Живу я нынѣшній годъ въ деревнѣ какъ то невольно по новому: встаю и ложусь рано, не пишу, но много работаю, то сапоги, то покосъ. Прошлую недѣлю всю проработалъ на покосѣ. И съ радостью вижу (или мнѣ кажется такъ), что въ семьѣ что то такое происходитъ, они меня не осуждаютъ и имъ какъ будто совѣстно. Бѣдные мы, до чего мы заблудились. У насъ теперь много народа — мои дѣти4
и Кузьминскихъ,5 и часто я безъ ужаса не могу видѣть эту безнравственную праздность и обжираніе. Ихъ такъ много, они всѣ такіе большіе, сильные. И я вижу и знаю весь трудъ сельскій, кот[орый] идетъ вокругъ насъ. А они ѣдятъ, пачкаютъ платье, бѣлье и комнаты. Другіе для нихъ все дѣлаютъ, а они ни для кого, даже для себя — ничего. И это всѣмъ кажется самымъ натуральнымъ, и мнѣ такъ казалось; и я принималъ участіе въ заведеніи этого порядка вещей. Я ясно вижу это и ни на минуту не могу забыть. Я чувствую, что я для нихъ trouble fête,6 но они, мнѣ такъ кажется, начинаютъ чувствовать, что что-то не такъ. Бываютъ разговоры — хорошie. Недавно случилось: меньшая дочь заболела,7 я пришелъ къ ней, и мы начали говорить съ дѣвочками, кто что дѣлалъ цѣлый день. Всѣмъ стало совѣстно разсказывать, но разсказали и разсказали, что сдѣлали дурное.
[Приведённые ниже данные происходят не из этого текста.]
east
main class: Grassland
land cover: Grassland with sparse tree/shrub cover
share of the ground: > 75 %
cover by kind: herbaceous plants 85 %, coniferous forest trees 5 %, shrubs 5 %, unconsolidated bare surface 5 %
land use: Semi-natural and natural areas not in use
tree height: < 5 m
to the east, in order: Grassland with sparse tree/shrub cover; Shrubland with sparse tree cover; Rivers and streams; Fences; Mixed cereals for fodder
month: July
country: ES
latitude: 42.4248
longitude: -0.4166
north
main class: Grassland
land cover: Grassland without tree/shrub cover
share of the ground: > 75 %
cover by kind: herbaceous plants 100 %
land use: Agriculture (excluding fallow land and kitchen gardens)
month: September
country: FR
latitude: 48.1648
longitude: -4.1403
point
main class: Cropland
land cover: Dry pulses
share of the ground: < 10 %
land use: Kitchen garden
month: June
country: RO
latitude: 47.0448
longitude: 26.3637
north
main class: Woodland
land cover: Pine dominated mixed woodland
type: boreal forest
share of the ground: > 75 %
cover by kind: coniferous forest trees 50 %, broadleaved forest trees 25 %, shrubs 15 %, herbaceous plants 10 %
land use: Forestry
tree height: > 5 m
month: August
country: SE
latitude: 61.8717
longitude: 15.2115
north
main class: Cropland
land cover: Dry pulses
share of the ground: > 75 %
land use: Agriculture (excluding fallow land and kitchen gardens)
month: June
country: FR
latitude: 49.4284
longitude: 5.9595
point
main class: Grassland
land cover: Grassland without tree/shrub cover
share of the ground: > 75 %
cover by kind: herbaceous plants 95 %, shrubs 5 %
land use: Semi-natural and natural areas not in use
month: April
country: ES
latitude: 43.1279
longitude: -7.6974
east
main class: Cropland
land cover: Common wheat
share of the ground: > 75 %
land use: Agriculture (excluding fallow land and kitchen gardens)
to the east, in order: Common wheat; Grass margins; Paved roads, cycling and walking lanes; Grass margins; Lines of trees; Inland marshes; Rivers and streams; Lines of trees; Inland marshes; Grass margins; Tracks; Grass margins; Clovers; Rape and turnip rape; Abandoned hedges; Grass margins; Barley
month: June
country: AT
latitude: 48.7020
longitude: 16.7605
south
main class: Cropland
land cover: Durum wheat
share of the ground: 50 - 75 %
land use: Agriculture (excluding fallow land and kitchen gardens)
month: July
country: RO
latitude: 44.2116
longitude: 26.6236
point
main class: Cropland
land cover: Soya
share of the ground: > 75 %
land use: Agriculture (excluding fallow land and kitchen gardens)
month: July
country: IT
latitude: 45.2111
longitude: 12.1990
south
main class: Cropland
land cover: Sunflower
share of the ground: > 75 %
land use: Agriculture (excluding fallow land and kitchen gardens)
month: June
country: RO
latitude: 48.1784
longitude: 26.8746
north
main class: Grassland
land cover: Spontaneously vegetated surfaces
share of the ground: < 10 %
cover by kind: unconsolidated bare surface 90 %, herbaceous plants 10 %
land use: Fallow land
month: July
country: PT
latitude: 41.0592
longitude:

Потомъ мы повторили это на другой день вечеромъ, и еще разъ. И мнѣ бы ужасно хотѣлось втянуть ихъ въ это — каждый вечеръ собираться и разсказывать свой день и свои грѣхи! Мнѣ кажется, что это было бы прекрасно, разумѣется, если бы это дѣлалось совершенно свободно.8 Пишу вамъ и постоянно думаю о вашей матери. Мнѣ почему то кажется, что она относится ко мнѣ враждебно. Если можете, напишите мнѣ про это. Отъ меня же передайте ей мою любовь. Потому что я не могу не любитьЛ. Т.
Полностью печатается впервые. Отрывок был напечатан в Б, III, Госизд., М., 1922, стр. 1—2. На подлиннике — дата «24 июня» проставлена рукой самого Толстого, и никаких других пометок на нем не имеется.